Records for the exercise START

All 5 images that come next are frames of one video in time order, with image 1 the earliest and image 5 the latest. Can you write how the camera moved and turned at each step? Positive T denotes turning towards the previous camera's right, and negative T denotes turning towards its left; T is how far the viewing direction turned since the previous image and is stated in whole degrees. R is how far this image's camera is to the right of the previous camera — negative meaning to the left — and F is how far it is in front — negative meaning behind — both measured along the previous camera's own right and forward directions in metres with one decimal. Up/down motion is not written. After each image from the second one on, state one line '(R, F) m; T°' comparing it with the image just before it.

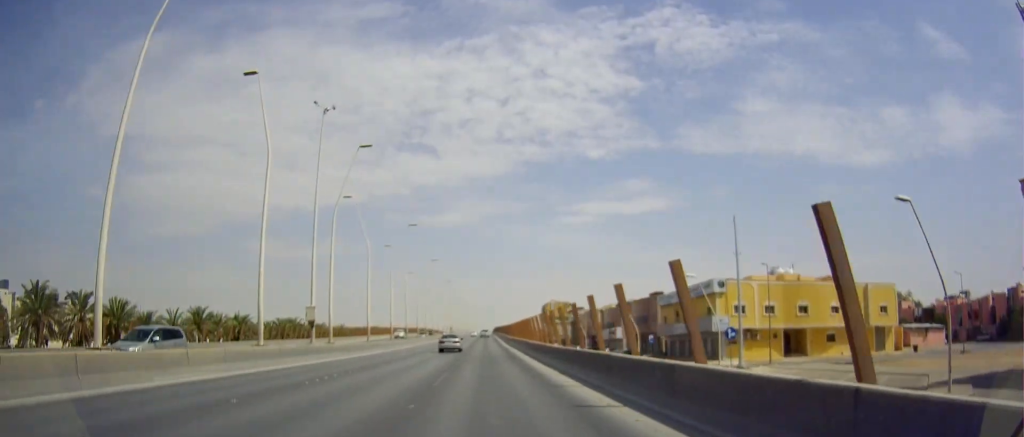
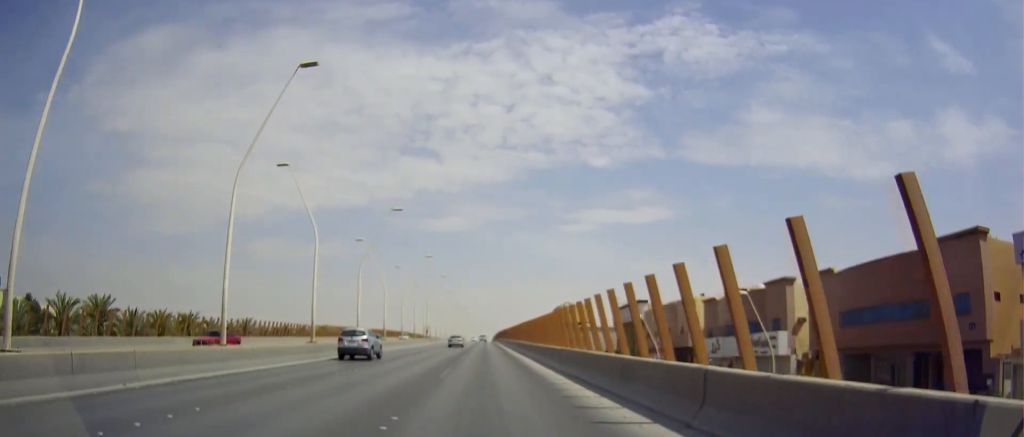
(+1.5, +66.0) m; +1°
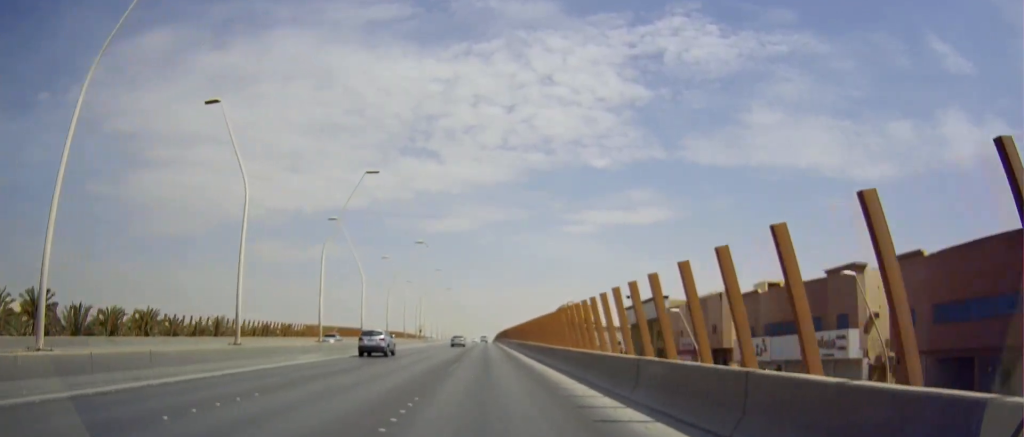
(-0.4, +11.4) m; 0°
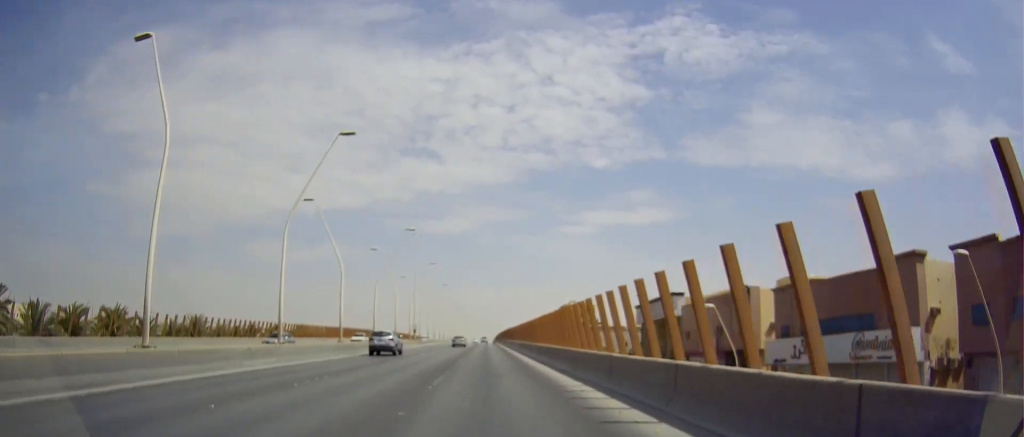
(0.0, +7.4) m; 0°
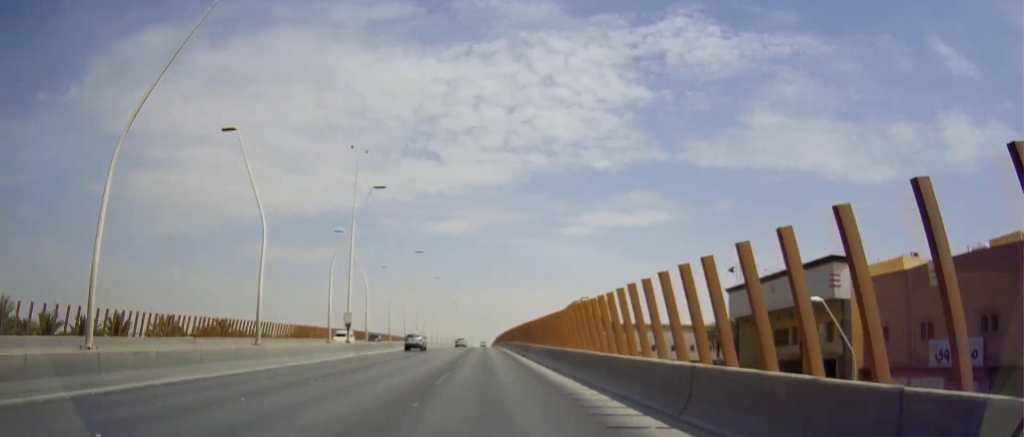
(+0.8, +41.1) m; +1°

Records for the exercise END

__Your objective__:
Would you write out all of the data exactly as it stands, without the pictures?

__Answer to this task__:
All 5 images that come next are frames of one video in time order, with image 1 the earliest and image 5 the latest. Can you write how the camera moved and turned at each step? Positive T denotes turning towards the previous camera's right, and negative T denotes turning towards its left; T is how far the viewing direction turned since the previous image and is stated in whole degrees. R is how far this image's camera is to the right of the previous camera — negative meaning to the left — and F is how far it is in front — negative meaning behind — both measured along the previous camera's own right and forward directions in metres with one decimal. Up/down motion is not written. After each image from the second one on, state one line '(R, F) m; T°' comparing it with the image just before it.

(+1.5, +66.0) m; +1°
(-0.4, +11.4) m; 0°
(0.0, +7.4) m; 0°
(+0.8, +41.1) m; +1°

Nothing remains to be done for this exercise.